Lorena se acercó a la muchacha y empezó a recorrer con sus dedos los burdos signos que poblaban su cara. Los ojos de Olombé brillaron en la oscuridad y notó como las lágrimas humedecían su mano. Entonces, cayendo de rodillas atrajo a la muchacha contra ella. El metal frío del arma cruzaba su espalda. Lorena, con más ternura que aprensión, se la quitó despacio como si estuviera desnudándola y sintió el peso mecánico de la muerte. Olombé no opuso ninguna resistencia, acariciaba la abundante melena de Lorena mientras escondía la cara tatuada contra su pecho tibio. La luz era débil, pero Lorena empezó a recorrer su cuerpo con la mirada intentando descifrar alguna lógica en la disposición de los tatuajes, algo en una mano, en la espalda o en el pecho que diera alguna razón de ser a esa piel definitiva “… Nada, Monsieur Amadou llevaba razón: sólo crueldad, sádico divertimento. Ni un rasgo de ensimismamiento por parte del autor. Pobre criatura… Sin embargo, cuando la oscuridad oculta su textura, es tan bella tan delicada…” Así estuvieron un rato, descubriéndose.
- ¡Vamos, ven conmigo corre! Lorena cogió de la mano a la muchacha y la levantó
- Madame, madame…Dijo Olombé cogiendo su Kalasnikov para seguir a Lorena.

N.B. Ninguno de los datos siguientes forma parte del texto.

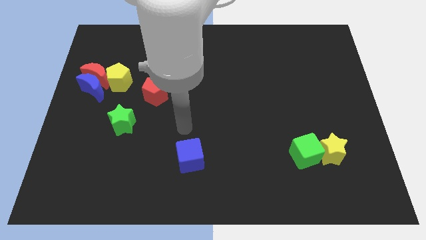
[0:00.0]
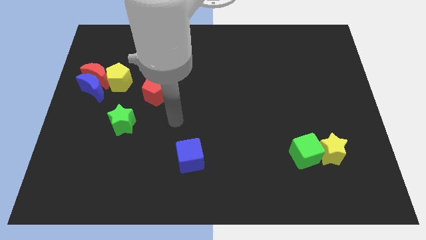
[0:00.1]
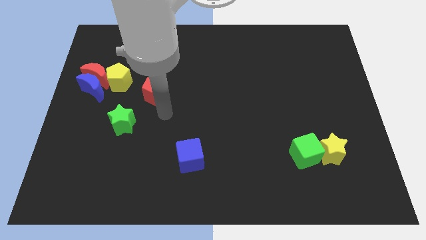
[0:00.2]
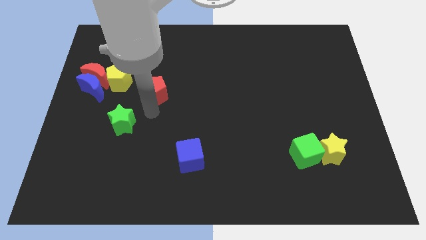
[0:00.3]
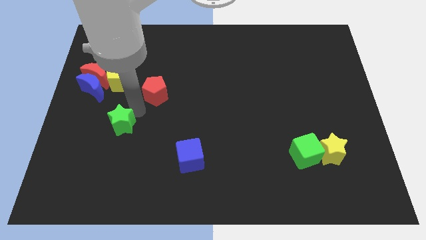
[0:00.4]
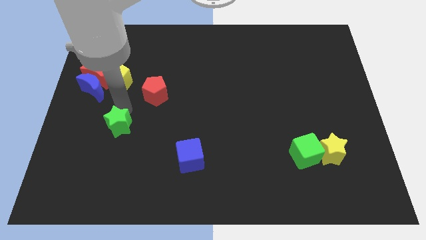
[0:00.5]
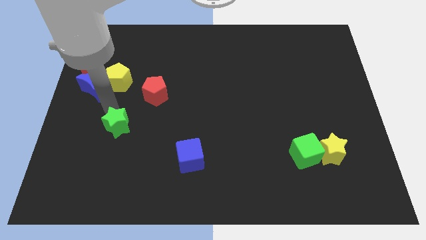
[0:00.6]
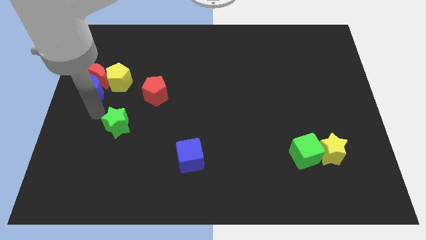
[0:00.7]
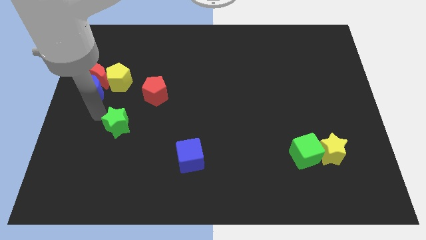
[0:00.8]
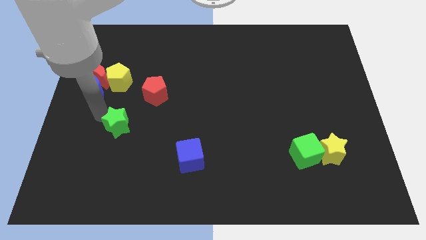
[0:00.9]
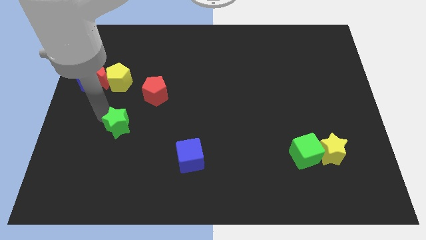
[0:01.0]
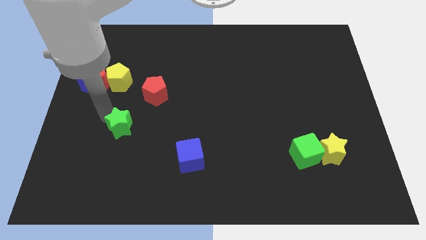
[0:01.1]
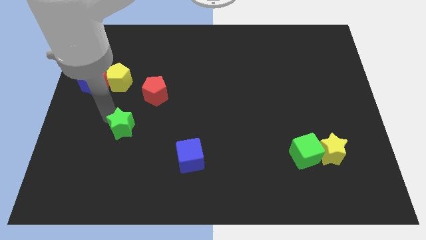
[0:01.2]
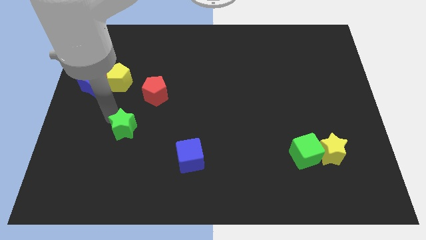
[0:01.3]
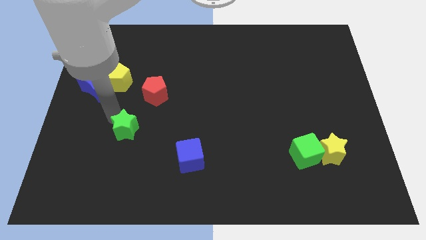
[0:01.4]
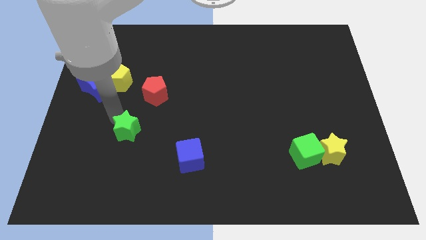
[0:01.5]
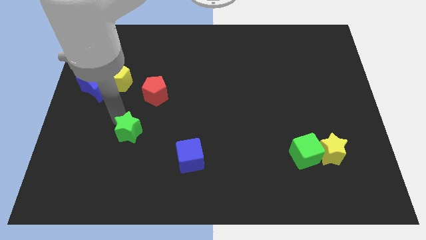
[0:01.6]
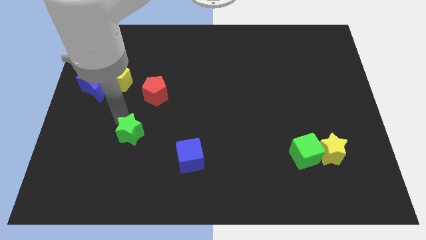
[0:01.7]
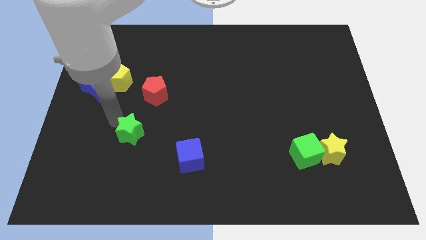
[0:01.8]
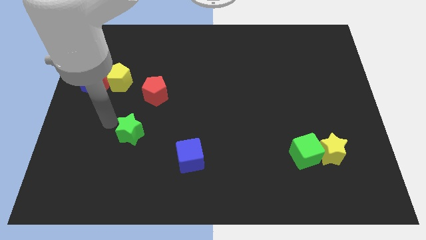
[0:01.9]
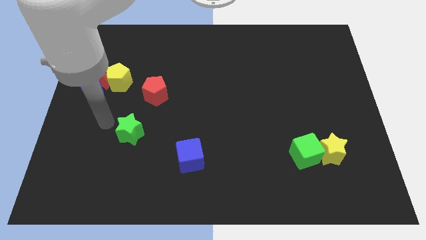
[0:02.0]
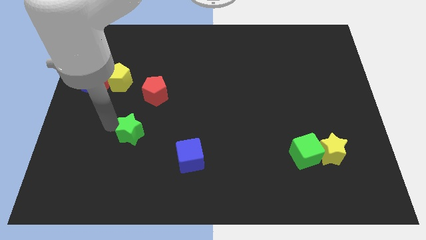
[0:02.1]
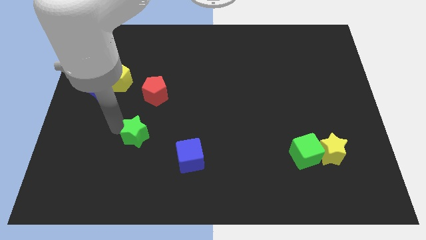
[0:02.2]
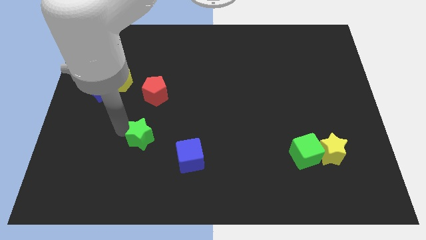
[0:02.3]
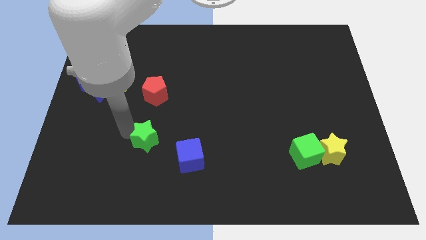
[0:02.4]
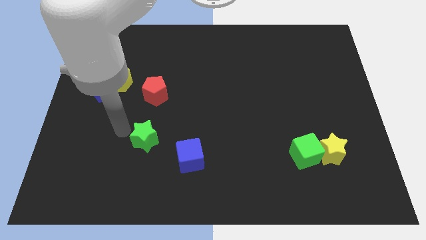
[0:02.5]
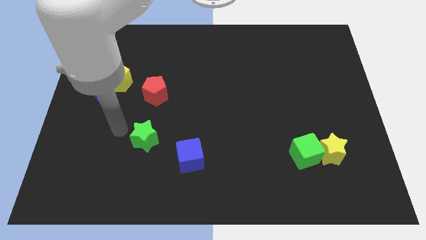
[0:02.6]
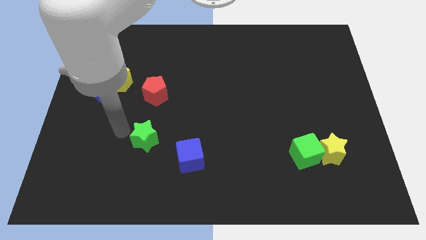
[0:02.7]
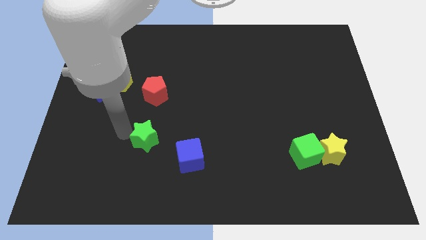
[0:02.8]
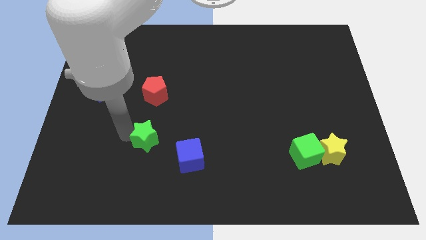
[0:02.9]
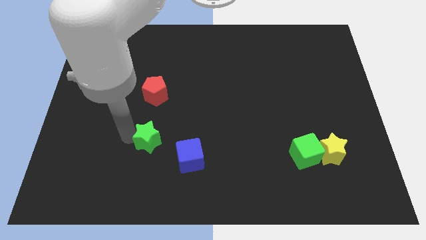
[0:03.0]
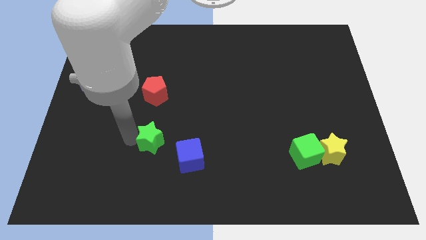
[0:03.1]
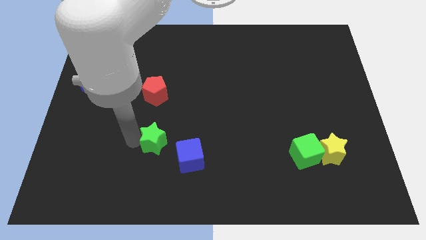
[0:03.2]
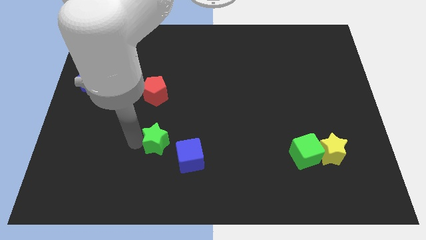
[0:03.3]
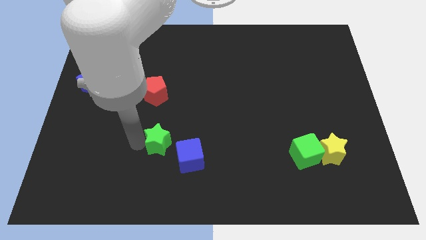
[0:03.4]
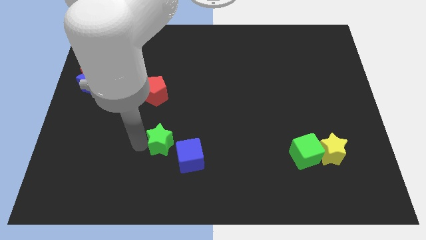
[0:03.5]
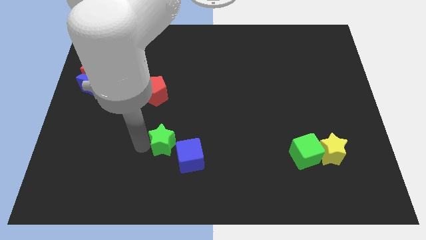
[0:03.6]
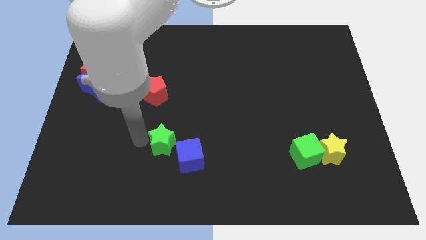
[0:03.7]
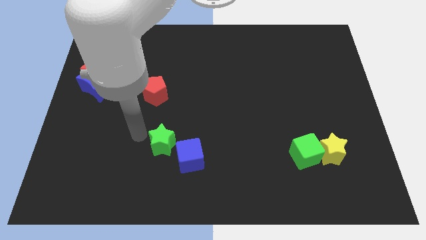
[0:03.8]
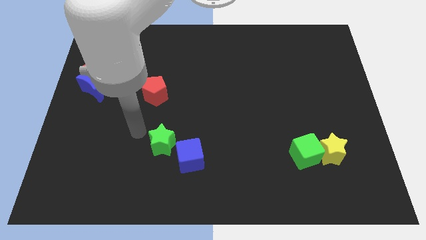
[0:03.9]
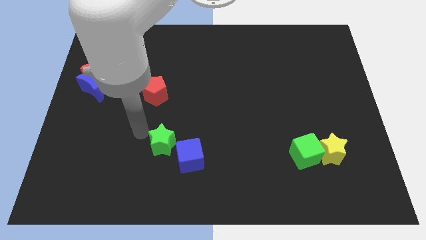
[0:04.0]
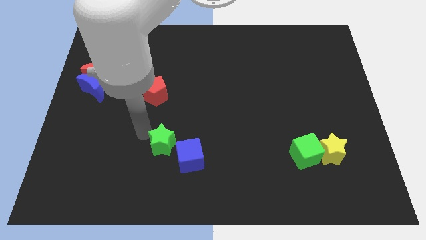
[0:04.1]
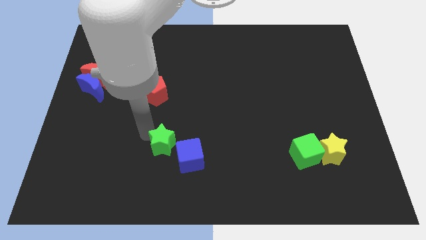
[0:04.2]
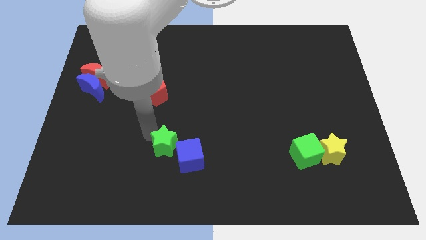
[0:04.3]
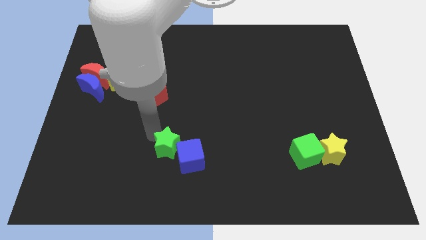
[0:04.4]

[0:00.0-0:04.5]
push the green star towards the blue cube

Pablo miró de nuevo el reloj “…Hace más de media hora que se fue y aún no ha vuelto…”
- Monsieur Amadou, Lorena no aparece y estoy preocupado. ¿Podría ayudarme a encontrarla por favor? Se fue en aquella dirección.
- Si desde luego, no me he percatado de que no estaba. Vamos para allá.
Monsieur Amadou entró en la casa de sus padres y salió con un par de linternas.
- Tenga, coja una.
Apenas habían abandonado el grupo cuando en lo hondo de la noche sonó un tableteo de ametralladora que paralizó el festejo.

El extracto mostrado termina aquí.